AN01 - Migrate ESIstream package to any Xilinx Kintex Ultrascale FPGA reference.
This application note aims at explaining how to migrate ADA-SDEV-KIT2 ESIstream package (Xilinx KU060 FPGA), to any reference of the Xilinx Kintex Ultrascale FPGA family.
Unzip the package in your work directory.
Rename the package folder. For this application note we select the FPGA reference xcku115-flvd1517-2-e.
Open one of the TCL script (see FAQ-07 to select the right TCL script depending on your needs)
For this application note we select script_64_dl.tcl.
Change the FPGA reference variable fpga_ref
"set fpga_ref xcku060-ffva1517-1-c" to "set fpga_ref xcku115-ffvd1517-2-e"
Change the package reference variable package_reference
"set package reference xilinx_ku060" to "set package reference xilinx_ku115"
Open the testbench.
Change log output file path to:
"file_open(fstatus, logfile, "c:\vw\xilinx_ku115\tb_log.txt", append_mode);"

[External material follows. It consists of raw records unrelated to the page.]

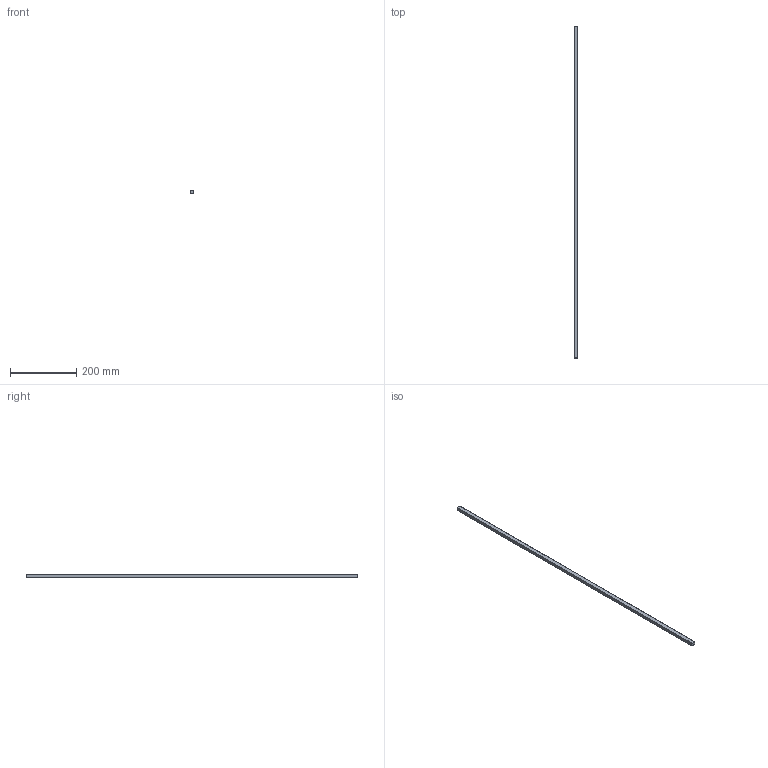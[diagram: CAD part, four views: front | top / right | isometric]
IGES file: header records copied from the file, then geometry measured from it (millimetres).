
Start section: C
Global section: file name: 3021309599.igs; native system: By Siemens PLM Incorporated; preprocessor: XPlus GENERIC/IGES 26.1.183; author: Author; organization: Title; date: 20240918.164138; units: millimetre
Bounding box: 12 x 1000 x 9.7 mm (x, y, z)
Surface area: 147342.6 mm2 (no closed solid volume)
Topology: 0 solids, 0 shells, 40 faces, 192 edges, 192 vertices
Faces by surface type: bspline 40

Open the build.py python script.
Change the package reference variable package_reference:
"package_reference = xilinx_ku060" to "package reference = xilinx_ku115"
Open Vivado 2019.1 and launch the modified TCL script.
Tools > Run Tcl Script…
Browse and select the TCL script and click OK.
It takes few minutes to generate the project.
At the end of the project generation, the project closes.
Select the project in the Recent Projects view and open it.
For each Xilinx IP in Project MANAGER > Sources > IP Sources tab.
Right click on the IP
Upgrade IP
OK
OK
Generate (Generate Output Products)
Open and configure the clk_wiz_0 IP according to the new FPGA board schematic.
clk_wiz_0 IP generates a 100 MHz system clock output from a 200 MHz clock input in ADA-SDEV-KIT2 ESIstream package project. The 100 MHz system clock is used by UART wrapper, registers map modules and GT system clock.
If your design use a different clock input IO standard and frequency, then change the IP configuration.
Update the new clock period and the IO standard in the xdc constraint file rx_esistream_64b.xdc.
Open and configure the gth_8lanes_64b IP according to the new FPGA board schematic, High-Speed Serial Lanes (HSSLs) and reference clock (SSO) mapping.
For this application note we select quad X0Y3 (127) , quad X0Y2 (126) and MGTREFCLK0 of quad X0Y2 as reference clock for the two quads.
Update the GTH HSSLs and SSO PACKAGE_PIN in the rx_esistream_64b.xdc constraints file.
The gth_8lanes_64b.xdc file located in "C:\vw\xilinx_ku115\vivado_rx_aq600_64b\vivado_rx_aq600_64b.srcs\sources_1\ip\gth_8lanes_64b\synth\" helps to identify FPGA package pin according to the GTH lane index [0:7].
Update all top file, rx_esistream_top.vhd, entity signals PACKAGE_PIN value in the rx_esistream_64b.xdc constraints file according to the new board schematic.
At this stage you can generate the FPGA Bitstream.
At this stage you can also simulate the design using vivado simulator clicking on Run Simulation.
Before running the simulation, check that the testbench high speed clock (clk_bit) half period value is set according to the GTH transceiver lane rate configuration (40 ps for a lane rate of 12.5 Gbps) in tb_pkg.vhd file.
Run the simulation for 6.33 µs minimum to start receiving samples from the ESIstream RX in ramp test mode.